When I first went to see my new dog..........

is that a good start to my descriptive writing

im having trouble with the beginning....

Eliza

Anonymous said...

Her is another:

The sun seeping through the treesmade her feel as though the she was in an amazing dream.

(i dont like the ending to that one)

which one is better?

Eliza

Anonymous said...

The beginning is in my two other comments above,
The sounds of birds in the trees welcome me into the morning. Rich evergreen scents fill my head with a trance of this perfect day. As my feet slide across the rough gravel, the rocks poke holes in my old sneakers. As I pick up one of the dogs its fur comforts me. Seeing the cutest dogs ever, made my heart pound with excitement. I couldn't believe one of these would be mine!!!! Laughing, I fall to the floor while the Lakeland Terriers jump all around playfully. The dew of the morning fills my nose with a bright feeling. The golden, black, ad tan dogs run around as a pernament mark of joy feels as though its being written on her forehead with a black sharpy. The warm July day could not have been better. Looking around one little dog catches my eye. Like a magnet, the dog attracts me because of his funny tail and cute underbite.

I need a lot of work!!!!!!!!
Right now I'm thinking of how to describe the the puppy nursery. Plus I need to make it 2 times longer.

ElizA

Bekah said...

Thanks a lot Mr. Buxton!

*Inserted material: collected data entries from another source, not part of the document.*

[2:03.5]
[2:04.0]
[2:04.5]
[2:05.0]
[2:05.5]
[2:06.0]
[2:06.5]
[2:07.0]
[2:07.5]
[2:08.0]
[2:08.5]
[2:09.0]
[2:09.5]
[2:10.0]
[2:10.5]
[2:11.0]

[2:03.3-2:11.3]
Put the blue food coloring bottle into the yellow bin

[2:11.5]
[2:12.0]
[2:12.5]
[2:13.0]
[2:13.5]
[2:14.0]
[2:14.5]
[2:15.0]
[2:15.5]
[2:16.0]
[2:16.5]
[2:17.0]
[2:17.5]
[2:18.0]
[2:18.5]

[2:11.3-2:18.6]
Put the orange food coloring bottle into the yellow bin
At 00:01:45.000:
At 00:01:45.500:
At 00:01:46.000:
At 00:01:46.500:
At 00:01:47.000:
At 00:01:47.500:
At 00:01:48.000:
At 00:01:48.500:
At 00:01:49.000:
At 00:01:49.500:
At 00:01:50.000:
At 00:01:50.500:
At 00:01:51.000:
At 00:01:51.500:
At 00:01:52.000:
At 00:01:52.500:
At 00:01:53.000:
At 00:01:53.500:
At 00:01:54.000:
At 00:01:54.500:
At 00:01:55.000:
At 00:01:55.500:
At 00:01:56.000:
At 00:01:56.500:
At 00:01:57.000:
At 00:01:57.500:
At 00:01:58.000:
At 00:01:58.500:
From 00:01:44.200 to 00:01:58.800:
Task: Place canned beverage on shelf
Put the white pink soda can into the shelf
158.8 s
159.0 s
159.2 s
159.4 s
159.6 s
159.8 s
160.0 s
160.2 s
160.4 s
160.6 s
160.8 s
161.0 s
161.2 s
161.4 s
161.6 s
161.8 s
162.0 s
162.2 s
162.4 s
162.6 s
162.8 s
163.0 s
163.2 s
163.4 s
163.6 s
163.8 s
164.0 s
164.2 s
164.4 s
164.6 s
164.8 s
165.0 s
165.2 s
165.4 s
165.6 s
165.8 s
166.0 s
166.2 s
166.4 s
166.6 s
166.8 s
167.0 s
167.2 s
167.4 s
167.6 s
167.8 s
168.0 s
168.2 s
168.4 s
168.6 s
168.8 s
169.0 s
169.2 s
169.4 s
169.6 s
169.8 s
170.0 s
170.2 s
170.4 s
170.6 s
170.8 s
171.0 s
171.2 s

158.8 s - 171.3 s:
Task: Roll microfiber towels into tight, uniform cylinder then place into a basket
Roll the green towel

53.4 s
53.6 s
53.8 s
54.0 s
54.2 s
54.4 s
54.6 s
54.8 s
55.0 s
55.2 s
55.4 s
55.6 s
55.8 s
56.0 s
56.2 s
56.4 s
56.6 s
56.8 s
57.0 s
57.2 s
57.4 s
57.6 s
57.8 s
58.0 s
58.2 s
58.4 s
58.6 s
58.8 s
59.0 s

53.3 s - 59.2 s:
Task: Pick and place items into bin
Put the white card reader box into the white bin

You are helping me lots!

Bekah said...
This comment has been removed by the author.
Bekah said...

Mr Buxton when you said dont use the do you mean to take the /the/ out and use descripitve instead because i tried it and it some places it works; in others it doesnt

Bekah said...

also Mr. Buxton can you give me an example of where my comma usage is messed up although it doesnt have to be an example in my piece just explain to me whats wrong!

Gauruv Singh said...

Mr. Buxton, while reviewing some of the types of nouns today, I came across a good site EZschool.com that has some good practice questions on different types of nouns. I thought it would be helpful to share it with others, for studying for the test .

Unknown said...

Eliza- You need some proper nouns to say where you are/ breed of dogs etc
Two back-to-back sentences begin with As...
you need to try and start some sentences with your phrases, infinitive, preposition and participle

2nd opening is better... begin by describing the time of day, weather and where and why you are in a specific place. Describe what you can physical see and hear as you first step into the store. What thoughts are going threough your mind. What smells bombard you? etc etc...

You are actually on the rght track. Your ideas seem to jump around a bit. Draw one sentence at a time .. .to see where you are jumping around.

Bekah - i meant 'the' starts too many sentences back to back.

Look at every comma - if you don't know EXACTLY the grammar reason why it is there , then it probably shouldn't be. Check your phrases that begin sentences - do you have commas t the end of each phrase?

Thanks Gauruv- post the link.

Bekah said...

Mr. Buxton i went through my piece of writing and there isnt 1 sentence that starts with the

Unknown said...

bekah was i was referring to was not the 'the' but the '...' (the three dots)

Gauruv Singh said...

MrBuxton,this is the site

http://www.ezschool.com/EZSheets/Grammar/Nouns/index.html

Gauruv Singh said...
This comment has been removed by the author.
adit said...

Mr. Buxton, the prase of the week means "there is more in you."

adit said...

Different topic but our science project is due on Tuesday, Right?